Directions: Reproduce the records in full. Alter nothing.

Working data:
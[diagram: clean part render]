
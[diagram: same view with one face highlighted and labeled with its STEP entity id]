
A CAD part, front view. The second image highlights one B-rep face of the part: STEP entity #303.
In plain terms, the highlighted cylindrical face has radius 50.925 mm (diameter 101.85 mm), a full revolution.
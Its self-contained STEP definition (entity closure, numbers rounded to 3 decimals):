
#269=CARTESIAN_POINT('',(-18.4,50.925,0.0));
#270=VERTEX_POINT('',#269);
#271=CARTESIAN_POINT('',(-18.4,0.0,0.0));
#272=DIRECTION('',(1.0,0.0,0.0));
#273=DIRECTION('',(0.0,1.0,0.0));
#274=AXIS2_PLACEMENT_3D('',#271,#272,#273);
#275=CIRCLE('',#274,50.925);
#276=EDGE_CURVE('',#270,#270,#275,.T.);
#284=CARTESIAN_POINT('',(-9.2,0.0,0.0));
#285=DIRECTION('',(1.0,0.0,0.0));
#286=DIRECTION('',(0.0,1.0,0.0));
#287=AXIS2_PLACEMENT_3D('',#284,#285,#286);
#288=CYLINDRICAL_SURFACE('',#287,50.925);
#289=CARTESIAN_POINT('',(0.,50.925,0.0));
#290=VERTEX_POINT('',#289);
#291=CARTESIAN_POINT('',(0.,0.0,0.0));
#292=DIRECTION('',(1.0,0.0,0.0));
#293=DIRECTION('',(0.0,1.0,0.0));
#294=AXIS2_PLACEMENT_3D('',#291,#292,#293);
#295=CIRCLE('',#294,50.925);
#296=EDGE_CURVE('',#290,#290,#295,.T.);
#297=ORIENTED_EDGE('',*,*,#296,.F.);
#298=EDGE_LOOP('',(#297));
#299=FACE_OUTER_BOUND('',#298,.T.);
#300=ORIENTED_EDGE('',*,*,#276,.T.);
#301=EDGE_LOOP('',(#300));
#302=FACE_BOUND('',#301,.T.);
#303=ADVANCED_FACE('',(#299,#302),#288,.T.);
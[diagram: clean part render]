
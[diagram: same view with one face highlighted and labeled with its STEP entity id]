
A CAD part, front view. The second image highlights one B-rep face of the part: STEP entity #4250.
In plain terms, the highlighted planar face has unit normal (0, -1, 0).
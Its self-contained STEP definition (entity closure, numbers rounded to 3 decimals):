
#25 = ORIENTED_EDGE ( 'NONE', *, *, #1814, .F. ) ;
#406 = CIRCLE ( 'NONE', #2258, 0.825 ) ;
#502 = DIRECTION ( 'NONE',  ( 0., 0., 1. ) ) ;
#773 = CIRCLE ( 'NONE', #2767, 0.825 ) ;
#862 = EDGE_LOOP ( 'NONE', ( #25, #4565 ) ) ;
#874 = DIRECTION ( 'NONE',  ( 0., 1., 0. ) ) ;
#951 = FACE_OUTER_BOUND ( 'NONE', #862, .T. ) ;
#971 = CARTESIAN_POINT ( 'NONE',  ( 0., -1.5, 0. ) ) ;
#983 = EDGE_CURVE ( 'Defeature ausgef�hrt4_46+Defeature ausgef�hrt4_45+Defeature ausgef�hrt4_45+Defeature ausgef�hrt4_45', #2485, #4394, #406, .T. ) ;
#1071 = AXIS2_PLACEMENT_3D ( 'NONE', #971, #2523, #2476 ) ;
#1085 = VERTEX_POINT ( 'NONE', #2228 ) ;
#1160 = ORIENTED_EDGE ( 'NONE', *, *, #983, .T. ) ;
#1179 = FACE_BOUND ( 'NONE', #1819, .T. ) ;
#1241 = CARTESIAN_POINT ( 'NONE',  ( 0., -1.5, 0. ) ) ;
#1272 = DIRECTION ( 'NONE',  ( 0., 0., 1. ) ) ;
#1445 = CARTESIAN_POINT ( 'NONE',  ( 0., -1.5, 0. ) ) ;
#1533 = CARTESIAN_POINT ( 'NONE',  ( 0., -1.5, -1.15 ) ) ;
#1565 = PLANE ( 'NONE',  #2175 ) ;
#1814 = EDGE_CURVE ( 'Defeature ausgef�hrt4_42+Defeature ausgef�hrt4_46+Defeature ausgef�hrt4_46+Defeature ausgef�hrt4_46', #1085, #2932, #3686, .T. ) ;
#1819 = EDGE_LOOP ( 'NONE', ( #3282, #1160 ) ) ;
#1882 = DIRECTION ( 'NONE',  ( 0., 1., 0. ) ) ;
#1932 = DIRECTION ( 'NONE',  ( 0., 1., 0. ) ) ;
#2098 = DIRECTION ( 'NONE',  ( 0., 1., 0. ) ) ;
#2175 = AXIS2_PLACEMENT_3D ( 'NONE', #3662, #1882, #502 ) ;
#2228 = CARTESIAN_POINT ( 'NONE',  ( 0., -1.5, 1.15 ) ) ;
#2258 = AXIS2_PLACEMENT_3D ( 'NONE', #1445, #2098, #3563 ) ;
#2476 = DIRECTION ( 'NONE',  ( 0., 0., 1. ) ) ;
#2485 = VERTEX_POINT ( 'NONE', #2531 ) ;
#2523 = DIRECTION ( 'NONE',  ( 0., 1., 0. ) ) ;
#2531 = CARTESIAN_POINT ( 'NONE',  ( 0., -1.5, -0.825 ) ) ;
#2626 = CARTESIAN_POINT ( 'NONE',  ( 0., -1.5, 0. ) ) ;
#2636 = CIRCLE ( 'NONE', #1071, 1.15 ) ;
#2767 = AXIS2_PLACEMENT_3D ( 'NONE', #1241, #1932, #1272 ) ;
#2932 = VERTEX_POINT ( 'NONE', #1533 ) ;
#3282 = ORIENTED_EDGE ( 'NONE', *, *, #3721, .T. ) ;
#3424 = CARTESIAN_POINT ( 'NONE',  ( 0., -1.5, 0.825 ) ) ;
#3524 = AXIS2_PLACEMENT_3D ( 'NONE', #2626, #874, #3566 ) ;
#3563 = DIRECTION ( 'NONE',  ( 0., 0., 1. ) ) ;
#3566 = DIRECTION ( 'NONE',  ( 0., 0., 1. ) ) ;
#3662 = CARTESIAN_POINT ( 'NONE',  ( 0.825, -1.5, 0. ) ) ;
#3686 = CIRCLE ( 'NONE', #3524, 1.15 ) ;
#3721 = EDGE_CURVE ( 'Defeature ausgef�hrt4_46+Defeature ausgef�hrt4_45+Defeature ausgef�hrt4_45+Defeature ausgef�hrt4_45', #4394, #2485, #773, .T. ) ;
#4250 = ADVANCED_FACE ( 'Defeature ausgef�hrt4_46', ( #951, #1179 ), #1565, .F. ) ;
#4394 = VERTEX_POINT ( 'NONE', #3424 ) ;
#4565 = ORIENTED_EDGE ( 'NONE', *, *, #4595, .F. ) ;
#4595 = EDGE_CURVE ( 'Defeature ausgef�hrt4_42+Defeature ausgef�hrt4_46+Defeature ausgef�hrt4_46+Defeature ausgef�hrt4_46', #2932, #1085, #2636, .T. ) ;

Solved exercise:
[diagram: clean part render]
[diagram: same view with one face highlighted and labeled with its STEP entity id]
A CAD part, front view. The second image highlights one B-rep face of the part: STEP entity #303.
In plain terms, the highlighted cylindrical face has radius 50.925 mm (diameter 101.85 mm), a full revolution.
Its self-contained STEP definition (entity closure, numbers rounded to 3 decimals):
#269=CARTESIAN_POINT('',(-18.4,50.925,0.0));
#270=VERTEX_POINT('',#269);
#271=CARTESIAN_POINT('',(-18.4,0.0,0.0));
#272=DIRECTION('',(1.0,0.0,0.0));
#273=DIRECTION('',(0.0,1.0,0.0));
#274=AXIS2_PLACEMENT_3D('',#271,#272,#273);
#275=CIRCLE('',#274,50.925);
#276=EDGE_CURVE('',#270,#270,#275,.T.);
#284=CARTESIAN_POINT('',(-9.2,0.0,0.0));
#285=DIRECTION('',(1.0,0.0,0.0));
#286=DIRECTION('',(0.0,1.0,0.0));
#287=AXIS2_PLACEMENT_3D('',#284,#285,#286);
#288=CYLINDRICAL_SURFACE('',#287,50.925);
#289=CARTESIAN_POINT('',(0.,50.925,0.0));
#290=VERTEX_POINT('',#289);
#291=CARTESIAN_POINT('',(0.,0.0,0.0));
#292=DIRECTION('',(1.0,0.0,0.0));
#293=DIRECTION('',(0.0,1.0,0.0));
#294=AXIS2_PLACEMENT_3D('',#291,#292,#293);
#295=CIRCLE('',#294,50.925);
#296=EDGE_CURVE('',#290,#290,#295,.T.);
#297=ORIENTED_EDGE('',*,*,#296,.F.);
#298=EDGE_LOOP('',(#297));
#299=FACE_OUTER_BOUND('',#298,.T.);
#300=ORIENTED_EDGE('',*,*,#276,.T.);
#301=EDGE_LOOP('',(#300));
#302=FACE_BOUND('',#301,.T.);
#303=ADVANCED_FACE('',(#299,#302),#288,.T.);
[diagram: clean part render]
[diagram: same view with one face highlighted and labeled with its STEP entity id]
A CAD part, front view. The second image highlights one B-rep face of the part: STEP entity #4250.
In plain terms, the highlighted planar face has unit normal (0, -1, 0).
Its self-contained STEP definition (entity closure, numbers rounded to 3 decimals):
#25 = ORIENTED_EDGE ( 'NONE', *, *, #1814, .F. ) ;
#406 = CIRCLE ( 'NONE', #2258, 0.825 ) ;
#502 = DIRECTION ( 'NONE',  ( 0., 0., 1. ) ) ;
#773 = CIRCLE ( 'NONE', #2767, 0.825 ) ;
#862 = EDGE_LOOP ( 'NONE', ( #25, #4565 ) ) ;
#874 = DIRECTION ( 'NONE',  ( 0., 1., 0. ) ) ;
#951 = FACE_OUTER_BOUND ( 'NONE', #862, .T. ) ;
#971 = CARTESIAN_POINT ( 'NONE',  ( 0., -1.5, 0. ) ) ;
#983 = EDGE_CURVE ( 'Defeature ausgef�hrt4_46+Defeature ausgef�hrt4_45+Defeature ausgef�hrt4_45+Defeature ausgef�hrt4_45', #2485, #4394, #406, .T. ) ;
#1071 = AXIS2_PLACEMENT_3D ( 'NONE', #971, #2523, #2476 ) ;
#1085 = VERTEX_POINT ( 'NONE', #2228 ) ;
#1160 = ORIENTED_EDGE ( 'NONE', *, *, #983, .T. ) ;
#1179 = FACE_BOUND ( 'NONE', #1819, .T. ) ;
#1241 = CARTESIAN_POINT ( 'NONE',  ( 0., -1.5, 0. ) ) ;
#1272 = DIRECTION ( 'NONE',  ( 0., 0., 1. ) ) ;
#1445 = CARTESIAN_POINT ( 'NONE',  ( 0., -1.5, 0. ) ) ;
#1533 = CARTESIAN_POINT ( 'NONE',  ( 0., -1.5, -1.15 ) ) ;
#1565 = PLANE ( 'NONE',  #2175 ) ;
#1814 = EDGE_CURVE ( 'Defeature ausgef�hrt4_42+Defeature ausgef�hrt4_46+Defeature ausgef�hrt4_46+Defeature ausgef�hrt4_46', #1085, #2932, #3686, .T. ) ;
#1819 = EDGE_LOOP ( 'NONE', ( #3282, #1160 ) ) ;
#1882 = DIRECTION ( 'NONE',  ( 0., 1., 0. ) ) ;
#1932 = DIRECTION ( 'NONE',  ( 0., 1., 0. ) ) ;
#2098 = DIRECTION ( 'NONE',  ( 0., 1., 0. ) ) ;
#2175 = AXIS2_PLACEMENT_3D ( 'NONE', #3662, #1882, #502 ) ;
#2228 = CARTESIAN_POINT ( 'NONE',  ( 0., -1.5, 1.15 ) ) ;
#2258 = AXIS2_PLACEMENT_3D ( 'NONE', #1445, #2098, #3563 ) ;
#2476 = DIRECTION ( 'NONE',  ( 0., 0., 1. ) ) ;
#2485 = VERTEX_POINT ( 'NONE', #2531 ) ;
#2523 = DIRECTION ( 'NONE',  ( 0., 1., 0. ) ) ;
#2531 = CARTESIAN_POINT ( 'NONE',  ( 0., -1.5, -0.825 ) ) ;
#2626 = CARTESIAN_POINT ( 'NONE',  ( 0., -1.5, 0. ) ) ;
#2636 = CIRCLE ( 'NONE', #1071, 1.15 ) ;
#2767 = AXIS2_PLACEMENT_3D ( 'NONE', #1241, #1932, #1272 ) ;
#2932 = VERTEX_POINT ( 'NONE', #1533 ) ;
#3282 = ORIENTED_EDGE ( 'NONE', *, *, #3721, .T. ) ;
#3424 = CARTESIAN_POINT ( 'NONE',  ( 0., -1.5, 0.825 ) ) ;
#3524 = AXIS2_PLACEMENT_3D ( 'NONE', #2626, #874, #3566 ) ;
#3563 = DIRECTION ( 'NONE',  ( 0., 0., 1. ) ) ;
#3566 = DIRECTION ( 'NONE',  ( 0., 0., 1. ) ) ;
#3662 = CARTESIAN_POINT ( 'NONE',  ( 0.825, -1.5, 0. ) ) ;
#3686 = CIRCLE ( 'NONE', #3524, 1.15 ) ;
#3721 = EDGE_CURVE ( 'Defeature ausgef�hrt4_46+Defeature ausgef�hrt4_45+Defeature ausgef�hrt4_45+Defeature ausgef�hrt4_45', #4394, #2485, #773, .T. ) ;
#4250 = ADVANCED_FACE ( 'Defeature ausgef�hrt4_46', ( #951, #1179 ), #1565, .F. ) ;
#4394 = VERTEX_POINT ( 'NONE', #3424 ) ;
#4565 = ORIENTED_EDGE ( 'NONE', *, *, #4595, .F. ) ;
#4595 = EDGE_CURVE ( 'Defeature ausgef�hrt4_42+Defeature ausgef�hrt4_46+Defeature ausgef�hrt4_46+Defeature ausgef�hrt4_46', #2932, #1085, #2636, .T. ) ;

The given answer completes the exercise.